Learning to Be a Coding Agent Babysitter

The past few months I have been learning to be an AI coding agent babysitter. Sometimes it works well, sometimes less so. Overall I feel like it has been a productivity boost. The sweet spot is in areas where I have good expertise, so I can tell if the agent’s output is good or not.

I’m still learning and trying to improve my babysitting skills. Here’s what I’ve learned so far.

Regularly clear the context

If I only had one tip, it would be this one. The key to clearing context regularly is to give really small and tightly defined tasks.

If the output isn’t what I want, I might edit some files myself or give a new prompt in the current context. Typically after a maximum of three or four prompts, even if the output so far isn’t what I want, I will clear the context and start over with a new prompt.

Use planning mode

I use planning mode to explore new areas of a codebase, to research a task or investigate possible areas where there might be a bug in the code.

When planning work and I have a good output from the agent, I use a snippet to ask it to tell the agent to “write this output as a markdown file in {dir}. Give the file an appropriate name and start it with today’s date {date:medium} in YYYYMMDD format”.

Use hooks

I have a hook with Claude Code that sends a notification when it needs me. For example, this users terminal-notifier on my Mac:

{
  "hooks": {
    "Notification": [
      {
        "matcher": "",
        "hooks": [
          {
            "type": "command",
            "command": "terminal-notifier -message \"Claude needs your input\" -title \"Claude Code\""
          }
        ]
      }
    ]
  }
}

This way, if I’ve switched focus, I am notified and don’t waste time with Claude doing nothing.

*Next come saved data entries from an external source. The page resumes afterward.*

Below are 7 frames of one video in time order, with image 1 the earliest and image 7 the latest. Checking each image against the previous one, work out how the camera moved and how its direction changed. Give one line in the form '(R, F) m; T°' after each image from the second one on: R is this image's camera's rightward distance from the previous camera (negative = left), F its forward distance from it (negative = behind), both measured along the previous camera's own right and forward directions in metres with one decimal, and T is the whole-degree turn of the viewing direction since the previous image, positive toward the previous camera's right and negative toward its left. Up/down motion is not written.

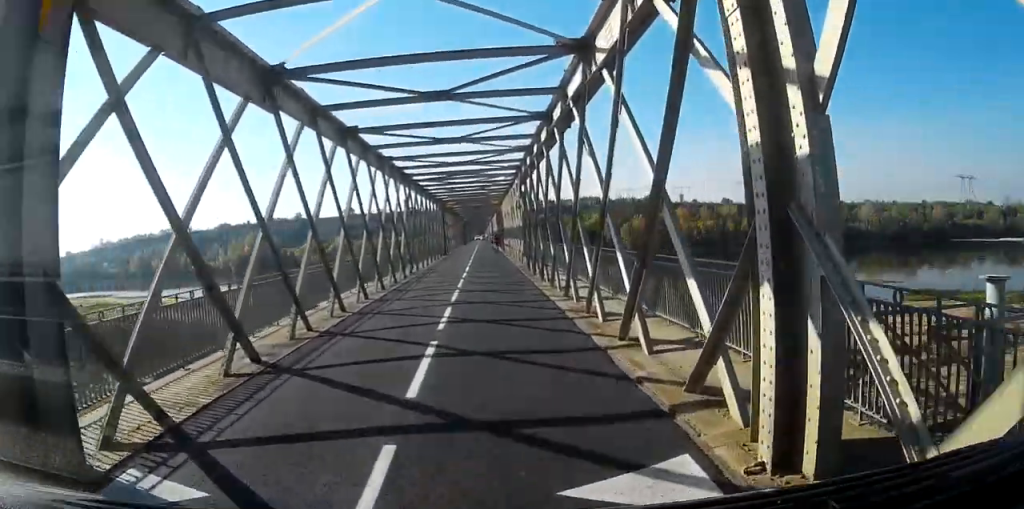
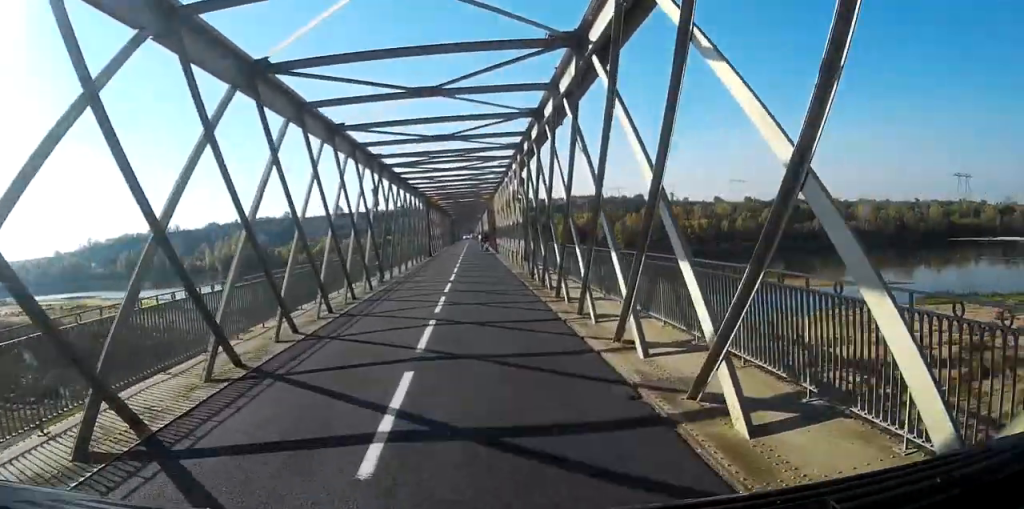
(-0.2, +5.8) m; -1°
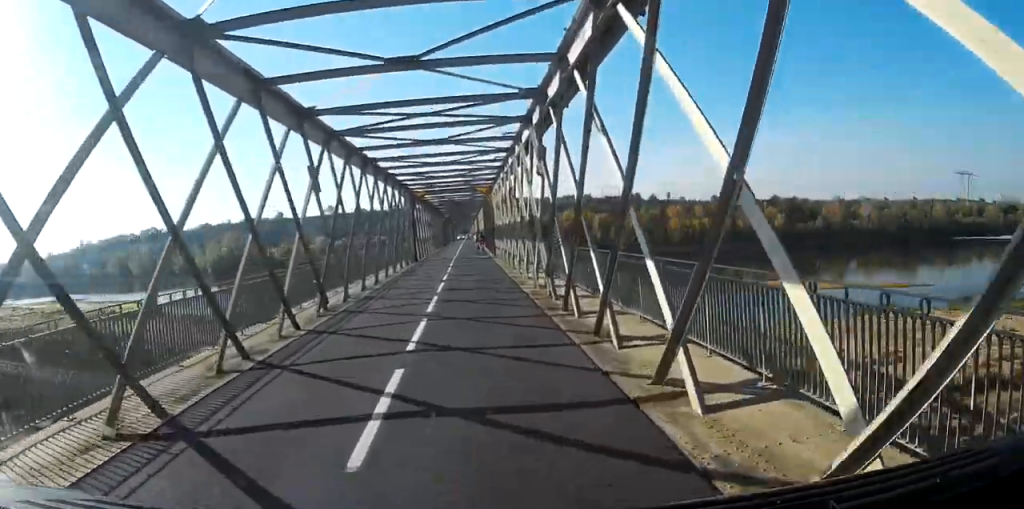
(+0.1, +8.4) m; +1°
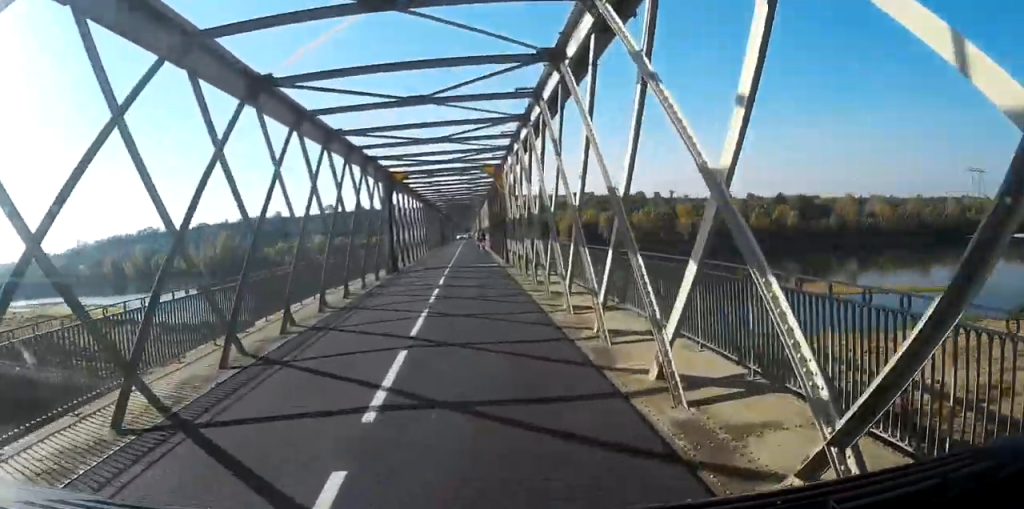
(0.0, +11.7) m; -2°
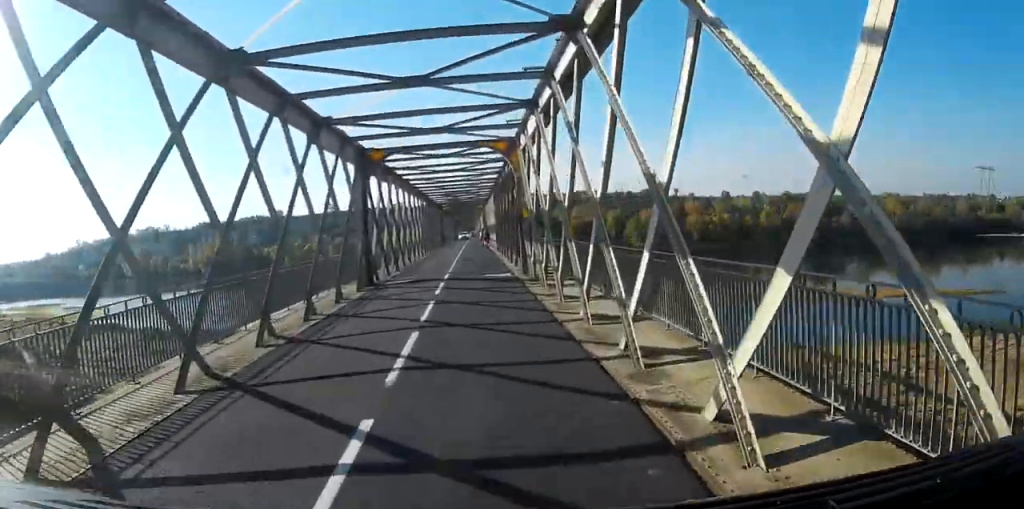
(-0.2, +7.4) m; -1°
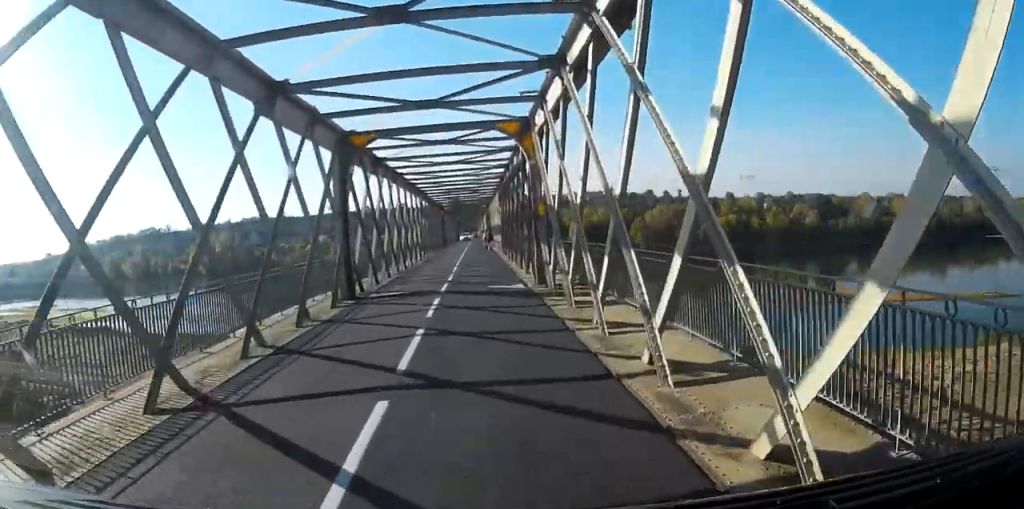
(0.0, +4.0) m; 0°
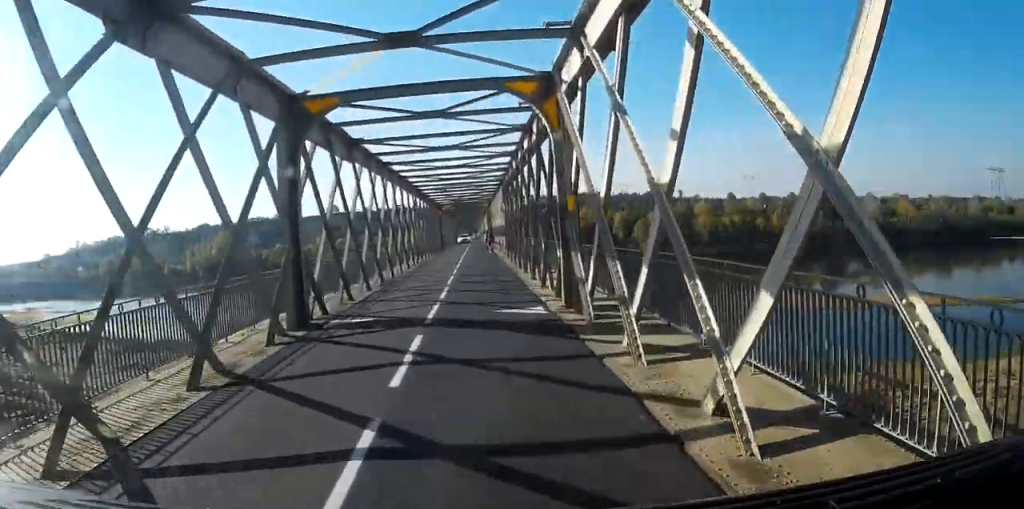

Another hook formats the code after Claude is done. This removes the need to include this in the prompt or worry about if the agent is going to ignore the instruction in the Claude.md to always format the code.

Write tests yourself

Leave Claude alone to write tests and the output is usually substandard. For example lots of duplicated test cases and tests that don’t even test production code. It could be a fragrant abuse of Mocks or by writing actual production code within the test and then asserting the code passes.

I will either write the tests myself, or at least the outline of the test and ask the agent to complete writing the test.

Whichever approach I go for, I always review the output. This is necessary for all code the agent writes but especially the tests. If your tests are bad, you can have even less confidence in the production code the agent writes.

Code reviews

After I’ve refactored, I will often ask Claude to do a code review of the diff. I do this in plan mode so my diff won’t be overwritten. It can sometimes provide some useful feedback that leads to a new prompt in a new context to refactor the code.

Agent MD files

I find these useful for two key reasons. When I’m new to a codebase, it’s a useful summary of the repo. An outline of the architecture, what is this repo about etc. Secondly, for the agent, it is useful to provide it with commands for running tests.

I’ve watched an agent try 3 different ways to run tests before I interrupt to remind it activate the Python venv first then run the test command. With this instruction in the Agent markdown file, this type of issue is greatly reduced.

Do these files help more than that? I’m not so sure, but I could be wrong. And all the providers always recommend it, so I still do it for every new repo I work on.

Multiple agents in parallel

I’ve read about engineers running multiple agents with git work trees. The bottleneck for me is reviewing the output and the context switching involved in that. Running two or more implementing agents is hard mental work so I do this in limited bursts.

What I do is research or planning tasks with one agent whilst I’m working on the implementation of another. It means once I’m ready to put the implementation work into pull request, I already have some research and a draft plan ready. I can review that in more detail and then start work.

I want to experiment and iterate with this area some more so I consider this area a work in progress for me.